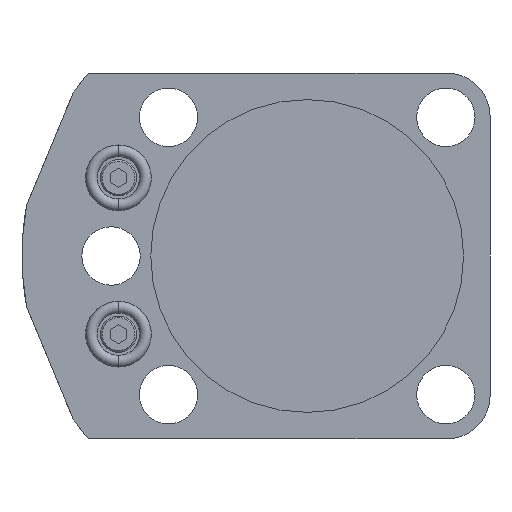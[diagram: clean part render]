
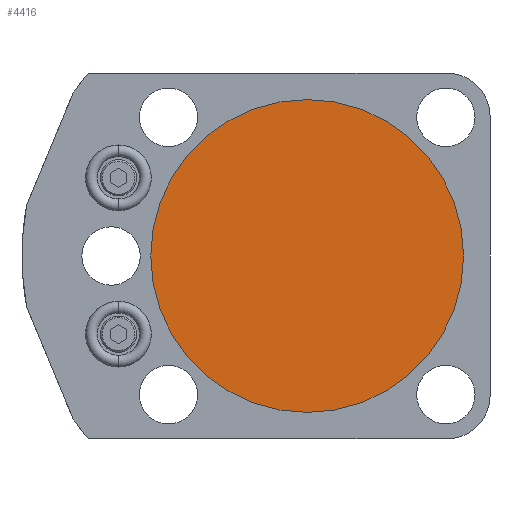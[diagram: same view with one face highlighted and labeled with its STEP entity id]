
A CAD part, front view. The second image highlights one B-rep face of the part: STEP entity #4416.
In plain terms, the highlighted planar face has unit normal (0, -1, 0).
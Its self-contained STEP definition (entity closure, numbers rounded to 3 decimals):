
#756=CARTESIAN_POINT('',(0.,-123.393,0.));
#757=DIRECTION('',(0.,-1.,0.));
#758=DIRECTION('',(1.,0.,0.));
#759=AXIS2_PLACEMENT_3D('',#756,#757,#758);
#778=CARTESIAN_POINT('',(0.,-123.393,0.));
#779=DIRECTION('',(0.,1.,0.));
#780=DIRECTION('',(1.,0.,0.));
#781=AXIS2_PLACEMENT_3D('',#778,#779,#780);
#3473=CARTESIAN_POINT('',(23.686,-123.393,0.));
#3475=VERTEX_POINT('',#3473);
#3477=CARTESIAN_POINT('',(-23.686,-123.393,0.));
#3479=VERTEX_POINT('',#3477);
#4407=CARTESIAN_POINT('',(0.,-123.393,0.));
#4408=DIRECTION('',(0.,-1.,0.));
#4409=DIRECTION('',(-1.,0.,0.));
#4410=AXIS2_PLACEMENT_3D('',#4407,#4408,#4409);
#4411=PLANE('',#4410);
#4412=ORIENTED_EDGE('',*,*,#4402,.T.);
#4413=ORIENTED_EDGE('',*,*,#4386,.F.);
#4414=EDGE_LOOP('',(#4412,#4413));
#4415=FACE_OUTER_BOUND('',#4414,.F.);
#4416=ADVANCED_FACE('',(#4415),#4411,.T.);
#760=CIRCLE('',#759,23.686);
#782=CIRCLE('',#781,23.686);
#4386=EDGE_CURVE('',#3475,#3479,#760,.T.);
#4402=EDGE_CURVE('',#3475,#3479,#782,.T.);

• **Work required**
Please return, exactly as written, the line containing "#4412=ORIENTED_EDGE('',*,*,#4402,.T.);" and every line after it through the end of the records above, and nothing else.

• **Response to the exercise**
#4412=ORIENTED_EDGE('',*,*,#4402,.T.);
#4413=ORIENTED_EDGE('',*,*,#4386,.F.);
#4414=EDGE_LOOP('',(#4412,#4413));
#4415=FACE_OUTER_BOUND('',#4414,.F.);
#4416=ADVANCED_FACE('',(#4415),#4411,.T.);
#760=CIRCLE('',#759,23.686);
#782=CIRCLE('',#781,23.686);
#4386=EDGE_CURVE('',#3475,#3479,#760,.T.);
#4402=EDGE_CURVE('',#3475,#3479,#782,.T.);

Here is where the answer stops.